China Has Made A Supercomputer Work Without A GPU — Here's How
Saying no to Nvidia graphics cards and focusing on self-sufficiency instead is no easy feat, but China is doing this as the AI race rages. Looking to boost its domestic technology, the country has made significant strides in many areas. While producing a lithium-metal battery with double the energy density on a three-minute charge is certainly impressive, it pales in comparison to China's latest supercomputer.
Named LineShine, the supercomputer is capable of delivering up to 1.54 exaflops with its multiple LX2 processors (built on the Armv9 architecture), each consisting of 304 CPU cores. Though most supercomputers rely heavily on GPUs for parallel computing, LineShine works without one, opting for CPUs for its coordination and general computing operations. So how does the supercomputer work without a GPU? Well, it all boils down to a clever workaround that replaces GPUs with a whole army of cores. LineShine houses 20,480 compute nodes, and each one contains two processors, bringing the core tally to 2,451,840.
The SME, or the Scalable Matrix Extension, and the Arm SVE Scalable Vector Extension, both available in each core, provide the extra push, as they support matrix and vector operations for computing and AI training. Since every core has both instruction and data 32 KB L1 caches (along with clusters sharing 28.5 MB L2 cache), it has no problem moving data to the processor smoothly. Finally, the LQLink high-speed network operating at 1.6 Tb/s per node connects all the cores, allowing LineShine to do all operations without a GPU.
How does the LineShine compare to standard supercomputers?
Though the design of the supercomputer LineShine is nothing short of a technological marvel, it's not without its flaws. Credit where it's due: the CPU-only design does eliminate any GPU memory limitations. However, as a CPU-only system, it's simply not as efficient when compared with heterogeneous CPU/GPU supercomputers. It may be effective overall, but it isn't well-equipped for high-density AI throughput.
The CPU-only supercomputer also loses some of its luster when you compare it to the likes of El Capitan. Whereas LineShine can sustain 1.54-exaflop performance, El Capitan (which remains the fastest supercomputer in the world) significantly outpaces it with its 1.809 exaflops. In isolation, LineShine's total core count of 2.45 million cores seems impressive until you stack them against El Capitan's 11.3 million cores.
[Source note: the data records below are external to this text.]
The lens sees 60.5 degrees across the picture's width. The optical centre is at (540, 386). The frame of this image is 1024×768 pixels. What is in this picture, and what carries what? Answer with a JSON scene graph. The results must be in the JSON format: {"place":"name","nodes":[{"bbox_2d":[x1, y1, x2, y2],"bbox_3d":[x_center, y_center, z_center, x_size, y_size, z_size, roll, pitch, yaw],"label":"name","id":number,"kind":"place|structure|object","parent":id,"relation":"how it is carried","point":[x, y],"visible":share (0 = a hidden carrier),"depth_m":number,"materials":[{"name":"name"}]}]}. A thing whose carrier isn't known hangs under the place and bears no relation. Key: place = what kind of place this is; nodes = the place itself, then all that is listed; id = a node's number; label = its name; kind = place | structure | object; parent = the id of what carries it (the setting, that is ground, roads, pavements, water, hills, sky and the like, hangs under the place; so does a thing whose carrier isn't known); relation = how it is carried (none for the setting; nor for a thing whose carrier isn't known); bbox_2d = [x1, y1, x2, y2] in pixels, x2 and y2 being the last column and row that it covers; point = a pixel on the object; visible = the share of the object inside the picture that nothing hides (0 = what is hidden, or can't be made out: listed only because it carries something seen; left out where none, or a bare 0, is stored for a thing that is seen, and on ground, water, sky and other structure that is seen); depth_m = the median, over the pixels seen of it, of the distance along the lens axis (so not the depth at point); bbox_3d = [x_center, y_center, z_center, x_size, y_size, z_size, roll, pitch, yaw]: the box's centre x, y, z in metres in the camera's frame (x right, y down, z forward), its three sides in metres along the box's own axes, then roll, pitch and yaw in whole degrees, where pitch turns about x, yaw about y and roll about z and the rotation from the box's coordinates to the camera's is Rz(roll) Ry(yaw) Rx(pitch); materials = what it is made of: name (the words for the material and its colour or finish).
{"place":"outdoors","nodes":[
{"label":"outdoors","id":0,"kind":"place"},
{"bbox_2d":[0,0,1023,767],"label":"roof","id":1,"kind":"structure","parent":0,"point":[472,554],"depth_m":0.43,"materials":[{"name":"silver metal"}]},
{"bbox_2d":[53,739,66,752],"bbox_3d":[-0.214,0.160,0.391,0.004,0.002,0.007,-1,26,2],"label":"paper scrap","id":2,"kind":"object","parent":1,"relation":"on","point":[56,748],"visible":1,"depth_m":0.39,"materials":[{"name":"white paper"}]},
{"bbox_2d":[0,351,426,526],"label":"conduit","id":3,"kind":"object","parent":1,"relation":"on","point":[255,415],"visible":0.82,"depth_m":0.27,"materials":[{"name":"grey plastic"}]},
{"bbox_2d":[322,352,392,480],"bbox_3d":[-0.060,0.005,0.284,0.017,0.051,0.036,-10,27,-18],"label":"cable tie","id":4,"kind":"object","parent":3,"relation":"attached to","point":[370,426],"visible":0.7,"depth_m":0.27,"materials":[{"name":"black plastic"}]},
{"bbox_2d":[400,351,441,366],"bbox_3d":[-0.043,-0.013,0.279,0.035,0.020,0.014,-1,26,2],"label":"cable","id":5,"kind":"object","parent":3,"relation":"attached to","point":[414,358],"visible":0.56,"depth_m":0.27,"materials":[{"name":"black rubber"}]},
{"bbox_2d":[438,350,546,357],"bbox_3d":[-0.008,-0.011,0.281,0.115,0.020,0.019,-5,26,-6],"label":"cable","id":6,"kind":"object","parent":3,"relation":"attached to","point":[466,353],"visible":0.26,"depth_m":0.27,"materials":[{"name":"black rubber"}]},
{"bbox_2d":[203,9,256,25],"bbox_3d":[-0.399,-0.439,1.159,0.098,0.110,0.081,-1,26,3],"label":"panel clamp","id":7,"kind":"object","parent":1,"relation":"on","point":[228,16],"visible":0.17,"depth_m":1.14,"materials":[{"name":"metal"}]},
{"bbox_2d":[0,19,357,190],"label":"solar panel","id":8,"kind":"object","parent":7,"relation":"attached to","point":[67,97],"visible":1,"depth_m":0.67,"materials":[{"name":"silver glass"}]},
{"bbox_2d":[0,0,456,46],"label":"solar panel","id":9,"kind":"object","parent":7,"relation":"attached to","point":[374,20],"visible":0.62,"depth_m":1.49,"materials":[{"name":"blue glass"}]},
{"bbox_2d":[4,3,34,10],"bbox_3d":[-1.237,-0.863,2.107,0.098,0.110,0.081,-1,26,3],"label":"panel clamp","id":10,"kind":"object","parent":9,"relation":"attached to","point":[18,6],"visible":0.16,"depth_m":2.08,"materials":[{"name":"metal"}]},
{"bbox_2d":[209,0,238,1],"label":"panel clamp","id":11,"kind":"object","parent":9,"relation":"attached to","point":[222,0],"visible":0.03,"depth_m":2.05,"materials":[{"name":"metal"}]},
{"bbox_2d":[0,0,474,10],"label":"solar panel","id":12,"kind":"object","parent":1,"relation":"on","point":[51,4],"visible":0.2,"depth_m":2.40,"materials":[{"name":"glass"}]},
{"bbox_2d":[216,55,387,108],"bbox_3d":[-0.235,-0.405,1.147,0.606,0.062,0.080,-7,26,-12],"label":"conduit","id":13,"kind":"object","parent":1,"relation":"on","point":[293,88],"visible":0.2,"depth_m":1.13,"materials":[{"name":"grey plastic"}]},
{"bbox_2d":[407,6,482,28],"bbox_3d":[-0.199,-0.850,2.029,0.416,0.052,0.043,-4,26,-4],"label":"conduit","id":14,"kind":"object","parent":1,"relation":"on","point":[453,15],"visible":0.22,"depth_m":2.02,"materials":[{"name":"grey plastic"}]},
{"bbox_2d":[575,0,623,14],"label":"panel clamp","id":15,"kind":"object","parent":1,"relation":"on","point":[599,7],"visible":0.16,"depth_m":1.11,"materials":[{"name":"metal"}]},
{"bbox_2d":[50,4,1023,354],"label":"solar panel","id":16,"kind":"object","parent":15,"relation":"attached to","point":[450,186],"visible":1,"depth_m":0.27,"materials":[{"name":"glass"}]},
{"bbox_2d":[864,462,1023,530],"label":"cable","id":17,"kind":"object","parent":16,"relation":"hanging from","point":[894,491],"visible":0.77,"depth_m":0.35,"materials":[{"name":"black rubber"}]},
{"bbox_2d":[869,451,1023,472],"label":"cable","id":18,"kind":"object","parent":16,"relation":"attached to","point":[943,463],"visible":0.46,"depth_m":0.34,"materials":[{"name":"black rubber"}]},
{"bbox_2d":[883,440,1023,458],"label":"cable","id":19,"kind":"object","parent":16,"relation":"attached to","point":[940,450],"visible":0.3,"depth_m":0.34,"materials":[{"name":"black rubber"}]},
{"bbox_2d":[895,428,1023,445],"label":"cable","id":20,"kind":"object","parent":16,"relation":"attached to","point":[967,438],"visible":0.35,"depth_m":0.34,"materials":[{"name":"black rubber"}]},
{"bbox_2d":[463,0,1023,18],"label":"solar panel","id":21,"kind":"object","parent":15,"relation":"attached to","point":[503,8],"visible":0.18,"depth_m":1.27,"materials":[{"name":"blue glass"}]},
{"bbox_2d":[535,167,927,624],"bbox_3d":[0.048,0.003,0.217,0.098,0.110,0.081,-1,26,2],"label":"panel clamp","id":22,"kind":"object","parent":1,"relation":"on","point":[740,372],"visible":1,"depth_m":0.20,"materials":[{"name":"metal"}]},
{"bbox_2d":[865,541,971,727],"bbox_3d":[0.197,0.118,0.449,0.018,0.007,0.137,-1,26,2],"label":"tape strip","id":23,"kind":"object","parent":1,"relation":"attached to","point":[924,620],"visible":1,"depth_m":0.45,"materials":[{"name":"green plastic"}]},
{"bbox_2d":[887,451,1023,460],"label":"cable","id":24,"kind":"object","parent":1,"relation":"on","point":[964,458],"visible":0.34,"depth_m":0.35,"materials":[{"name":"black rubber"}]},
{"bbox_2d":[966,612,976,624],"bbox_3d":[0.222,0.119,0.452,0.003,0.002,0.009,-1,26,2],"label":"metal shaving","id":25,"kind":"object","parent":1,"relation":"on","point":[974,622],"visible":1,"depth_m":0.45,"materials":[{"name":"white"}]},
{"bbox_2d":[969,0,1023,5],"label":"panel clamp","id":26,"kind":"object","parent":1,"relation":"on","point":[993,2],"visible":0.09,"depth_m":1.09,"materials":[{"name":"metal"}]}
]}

In an era when Nvidia is announcing personal AI computers, the LineShine could be a necessary compromise. It may not have the power or efficiency of Western supercomputers, but it certainly makes up for it in sheer adaptability. It makes you wonder what kind of machines the Chinese National Supercomputing Center will be able to conjure up when they build up a stock of domestically made GPUs.